The practical consequence of being unable to afford healthcare is that people delay or avoid care entirely. Research from the National Academies of Sciences found that uninsured adults face a 25% higher risk of death compared to those with private insurance. The gap is driven largely by delayed diagnosis. Uninsured cancer patients, for example, tend to be diagnosed at later stages when treatment is less effective. Patients with kidney disease who lack insurance begin dialysis later and in worse clinical condition.

These aren’t just statistics about rare diseases. The same pattern plays out with diabetes, high blood pressure, asthma, and other conditions that are manageable with regular care but dangerous without it. When your only access point is the emergency room, you’re treating crises instead of preventing them.

Medical Debt and Your Credit

If you receive care you can’t pay for, the bill eventually goes to collections. The three major credit bureaus voluntarily stopped reporting medical debts under $500 in 2023, and they no longer include paid medical debts on credit reports. The CFPB attempted to finalize a rule in 2024 that would have removed all medical debt from credit reports entirely, but a federal court in Texas vacated that rule, finding it exceeded the agency’s authority under the Fair Credit Reporting Act. So larger unpaid medical debts can still appear on your credit report and affect your ability to get a loan, rent an apartment, or sometimes even get a job.

Hospitals and providers often negotiate.
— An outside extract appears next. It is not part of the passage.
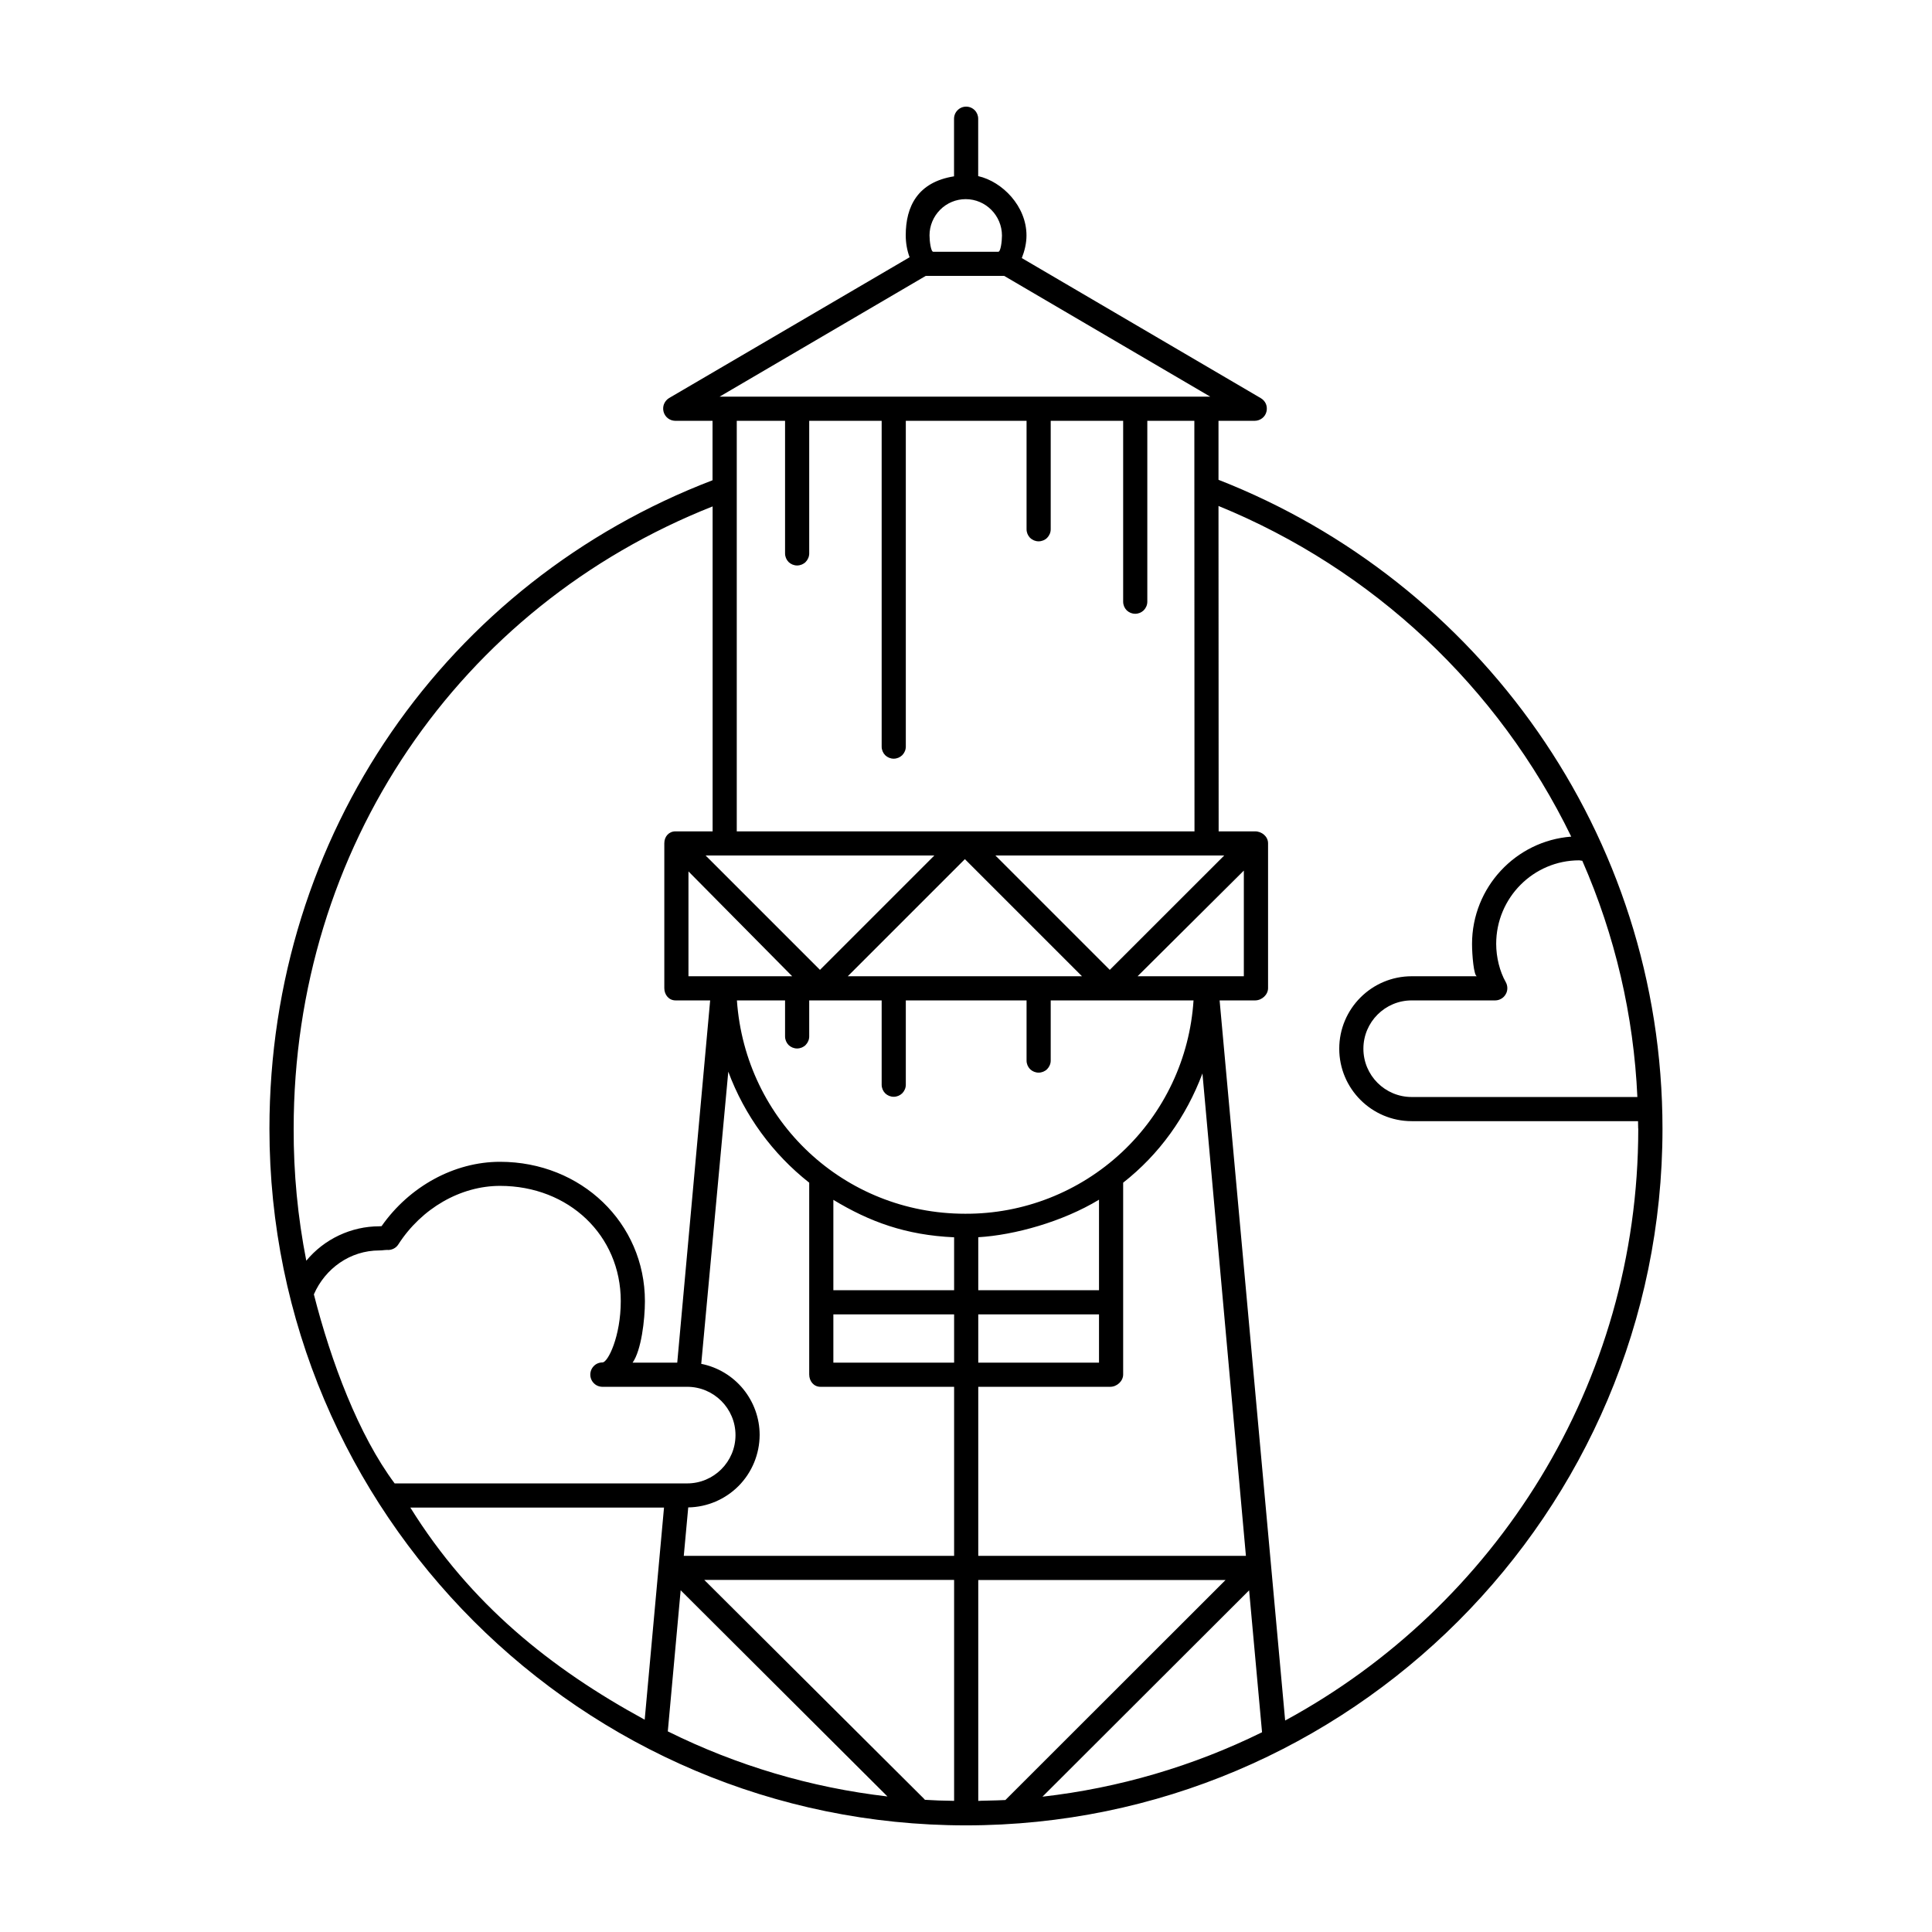 <svg width="26" height="26" viewBox="0 0 26 26" fill="none" xmlns="http://www.w3.org/2000/svg">
<path d="M16.398 6.457L16.398 5.663H16.885C16.921 5.663 16.956 5.651 16.985 5.629C17.013 5.608 17.034 5.577 17.043 5.542C17.052 5.508 17.05 5.471 17.037 5.437C17.023 5.404 16.998 5.376 16.967 5.358L13.751 3.473C13.789 3.377 13.814 3.273 13.814 3.169C13.814 2.774 13.489 2.444 13.164 2.37V1.598C13.164 1.555 13.147 1.513 13.117 1.483C13.086 1.452 13.045 1.435 13.002 1.435C12.959 1.435 12.917 1.452 12.887 1.483C12.856 1.513 12.839 1.555 12.839 1.598V2.373C12.352 2.45 12.189 2.776 12.189 3.166C12.189 3.267 12.206 3.368 12.241 3.462L9.004 5.357C8.973 5.376 8.95 5.404 8.936 5.437C8.923 5.47 8.921 5.506 8.93 5.541C8.939 5.575 8.959 5.606 8.987 5.628C9.015 5.65 9.049 5.662 9.085 5.663H9.589V6.463C6.014 7.832 3.626 11.227 3.626 15.19C3.626 20.359 7.83 24.565 12.999 24.565C18.168 24.565 22.373 20.36 22.373 15.191C22.373 11.221 19.89 7.822 16.398 6.457ZM20.264 13.217C20.183 13.075 20.135 12.883 20.135 12.702C20.135 12.082 20.636 11.578 21.253 11.578C21.259 11.578 21.277 11.581 21.294 11.584C21.735 12.589 21.986 13.667 22.035 14.763H18.998C18.639 14.763 18.348 14.472 18.348 14.113C18.348 13.755 18.639 13.463 18.998 13.463H20.122C20.151 13.463 20.179 13.455 20.204 13.44C20.229 13.426 20.249 13.405 20.263 13.38C20.278 13.356 20.285 13.327 20.285 13.299C20.285 13.27 20.278 13.242 20.264 13.217ZM8.108 18.663H9.248C9.606 18.663 9.898 18.954 9.898 19.313C9.898 19.672 9.606 19.963 9.248 19.963H5.311C4.826 19.313 4.456 18.329 4.224 17.419C4.376 17.07 4.713 16.828 5.104 16.828C5.127 16.828 5.15 16.826 5.173 16.823C5.184 16.822 5.193 16.821 5.208 16.821C5.238 16.824 5.268 16.818 5.295 16.805C5.322 16.792 5.345 16.772 5.361 16.746C5.673 16.261 6.197 15.959 6.729 15.959C7.655 15.959 8.354 16.626 8.354 17.509C8.354 17.986 8.181 18.335 8.108 18.335C8.064 18.335 8.022 18.352 7.992 18.383C7.961 18.414 7.944 18.456 7.944 18.499C7.944 18.543 7.961 18.584 7.992 18.615C8.022 18.646 8.064 18.663 8.108 18.663ZM10.727 7.61C10.77 7.61 10.812 7.593 10.842 7.563C10.872 7.532 10.89 7.491 10.89 7.448V5.663H11.865V10.048C11.865 10.091 11.882 10.132 11.912 10.163C11.943 10.193 11.984 10.21 12.027 10.21C12.07 10.21 12.111 10.193 12.142 10.163C12.172 10.132 12.19 10.091 12.19 10.048V5.663H13.815V7.123C13.815 7.166 13.832 7.207 13.862 7.238C13.893 7.268 13.934 7.285 13.977 7.285C14.02 7.285 14.062 7.268 14.092 7.238C14.122 7.207 14.14 7.166 14.14 7.123V5.663H15.115V8.098C15.115 8.141 15.132 8.182 15.162 8.213C15.193 8.243 15.234 8.26 15.277 8.26C15.32 8.26 15.361 8.243 15.392 8.213C15.422 8.182 15.44 8.141 15.44 8.098V5.663H16.073L16.075 11.188H9.915V5.663H10.565V7.448C10.565 7.491 10.582 7.532 10.612 7.563C10.643 7.593 10.684 7.61 10.727 7.61ZM13.165 17.363V16.65C13.652 16.622 14.302 16.441 14.79 16.145V17.363L13.165 17.363ZM14.79 17.688V18.338H13.165V17.688H14.79ZM12.989 16.334C11.362 16.334 10.031 15.088 9.917 13.463H10.565V13.948C10.565 13.991 10.582 14.032 10.612 14.063C10.643 14.093 10.684 14.11 10.727 14.11C10.77 14.11 10.812 14.093 10.842 14.063C10.872 14.032 10.89 13.991 10.89 13.948V13.463H11.865V14.598C11.865 14.641 11.882 14.682 11.912 14.713C11.943 14.743 11.984 14.76 12.027 14.76C12.07 14.76 12.111 14.743 12.142 14.713C12.172 14.682 12.19 14.641 12.19 14.598V13.463H13.815V14.273C13.815 14.316 13.832 14.357 13.862 14.388C13.893 14.418 13.934 14.435 13.977 14.435C14.02 14.435 14.062 14.418 14.092 14.388C14.122 14.357 14.14 14.316 14.14 14.273V13.463H16.062C16.012 14.243 15.667 14.975 15.096 15.508C14.524 16.042 13.771 16.338 12.989 16.334ZM12.84 17.688V18.338H11.215V17.688H12.84ZM11.215 17.363V16.147C11.702 16.442 12.19 16.622 12.84 16.651V17.363H11.215ZM11.409 13.138L12.985 11.562L14.561 13.138H11.409ZM12.574 11.513L11.035 13.052L9.496 11.513H12.574ZM10.661 13.138H9.265V11.727L10.661 13.138ZM10.89 15.916V18.497C10.89 18.587 10.951 18.663 11.041 18.663H12.84V20.938H9.202L9.262 20.286C9.518 20.282 9.762 20.177 9.942 19.995C10.121 19.813 10.222 19.567 10.223 19.311C10.223 19.085 10.144 18.867 10.001 18.692C9.858 18.518 9.659 18.398 9.437 18.354L9.801 14.422C10.02 15.011 10.397 15.528 10.89 15.916ZM9.16 21.401L11.943 24.176C10.914 24.057 9.914 23.76 8.987 23.3L9.16 21.401ZM12.447 24.221C12.443 24.215 12.438 24.21 12.432 24.204L9.478 21.262H12.84V24.235C12.677 24.233 12.575 24.229 12.447 24.221ZM13.165 21.263H16.493L13.53 24.224C13.407 24.231 13.165 24.233 13.165 24.236V21.263ZM14.029 24.179L16.81 21.402L16.984 23.312C16.056 23.769 15.057 24.062 14.029 24.179ZM13.165 20.938V18.663H14.941C15.031 18.663 15.115 18.587 15.115 18.497V15.916C15.602 15.534 15.963 15.029 16.182 14.446L16.767 20.938L13.165 20.938ZM15.309 13.138L16.739 11.716V13.138H15.309ZM14.935 13.052L13.396 11.513H16.475L14.935 13.052ZM12.996 2.68C13.265 2.68 13.484 2.901 13.484 3.171C13.484 3.245 13.467 3.388 13.435 3.388H12.559C12.527 3.388 12.509 3.243 12.509 3.167C12.509 3.038 12.561 2.914 12.652 2.823C12.743 2.731 12.867 2.68 12.996 2.68ZM12.458 3.713H13.514L16.287 5.338H9.684L12.458 3.713ZM9.59 6.815V11.188H9.091C9.001 11.188 8.94 11.258 8.94 11.348V13.298C8.94 13.387 9.001 13.463 9.091 13.463H9.557L9.114 18.338H8.513C8.63 18.175 8.679 17.761 8.679 17.511C8.679 16.46 7.823 15.635 6.729 15.635C6.114 15.635 5.511 15.965 5.135 16.501C5.125 16.502 5.115 16.503 5.104 16.503C4.917 16.503 4.732 16.545 4.562 16.625C4.392 16.705 4.242 16.821 4.122 16.966C4.007 16.381 3.95 15.786 3.952 15.19C3.952 11.409 6.177 8.166 9.59 6.815ZM5.522 20.288H8.936L8.676 23.143C7.412 22.454 6.331 21.588 5.522 20.288ZM17.295 23.154L16.413 13.463H16.891C16.981 13.463 17.065 13.387 17.065 13.298V11.348C17.065 11.258 16.981 11.188 16.891 11.188H16.4L16.398 6.809C18.474 7.657 20.165 9.242 21.145 11.259C20.4 11.315 19.81 11.941 19.81 12.704C19.81 12.85 19.834 13.138 19.877 13.138H18.998C18.46 13.138 18.023 13.575 18.023 14.113C18.023 14.651 18.46 15.088 18.998 15.088H22.044C22.045 15.251 22.047 15.157 22.047 15.192C22.047 18.627 20.122 21.621 17.295 23.154Z" fill="black"/>
</svg>

If you call and explain your financial situation, many will reduce the bill, set up an interest-free payment plan, or connect you with their financial assistance program. Collection agencies will frequently settle for a fraction of the original amount. None of this is automatic, though. It requires you to make the call.

Lower-Cost Alternatives for Ongoing Care

Direct primary care practices charge a flat monthly membership fee, typically $50 to $100, that covers most primary care visits, basic lab work, and care coordination. These practices don’t accept insurance at all, which keeps their overhead low. They won’t cover emergencies, hospitalizations, or specialist visits, so the American Academy of Family Physicians recommends pairing a membership with a high-deductible insurance plan if possible. But for someone who just needs a regular doctor and can’t afford traditional insurance, it’s a more predictable cost.

Pharmaceutical manufacturers also run patient assistance programs that provide brand-name medications for free or at steep discounts to low-income patients. Eligibility requirements vary by company, but most are designed for people without prescription drug coverage. Your doctor’s office can often help you apply, or you can search by medication name on websites like NeedyMeds or RxAssist.

Coverage Options for Immigrants

Legal immigrants generally qualify for marketplace insurance and, after a five-year waiting period, for Medicaid. Undocumented immigrants are excluded from both federal Medicaid and the ACA marketplace in most states, but a handful of states have stepped in with their own funding. California and Oregon now provide full Medicaid-equivalent benefits to all low-income residents regardless of immigration status. Colorado and Washington offer state-funded subsidies to make private coverage more affordable for undocumented residents. New York has been expanding access through its Essential Plan.

Regardless of immigration status, FQHCs and emergency rooms remain available. Community health centers in particular serve as the primary care provider for many immigrant communities, and they do not ask about or report immigration status.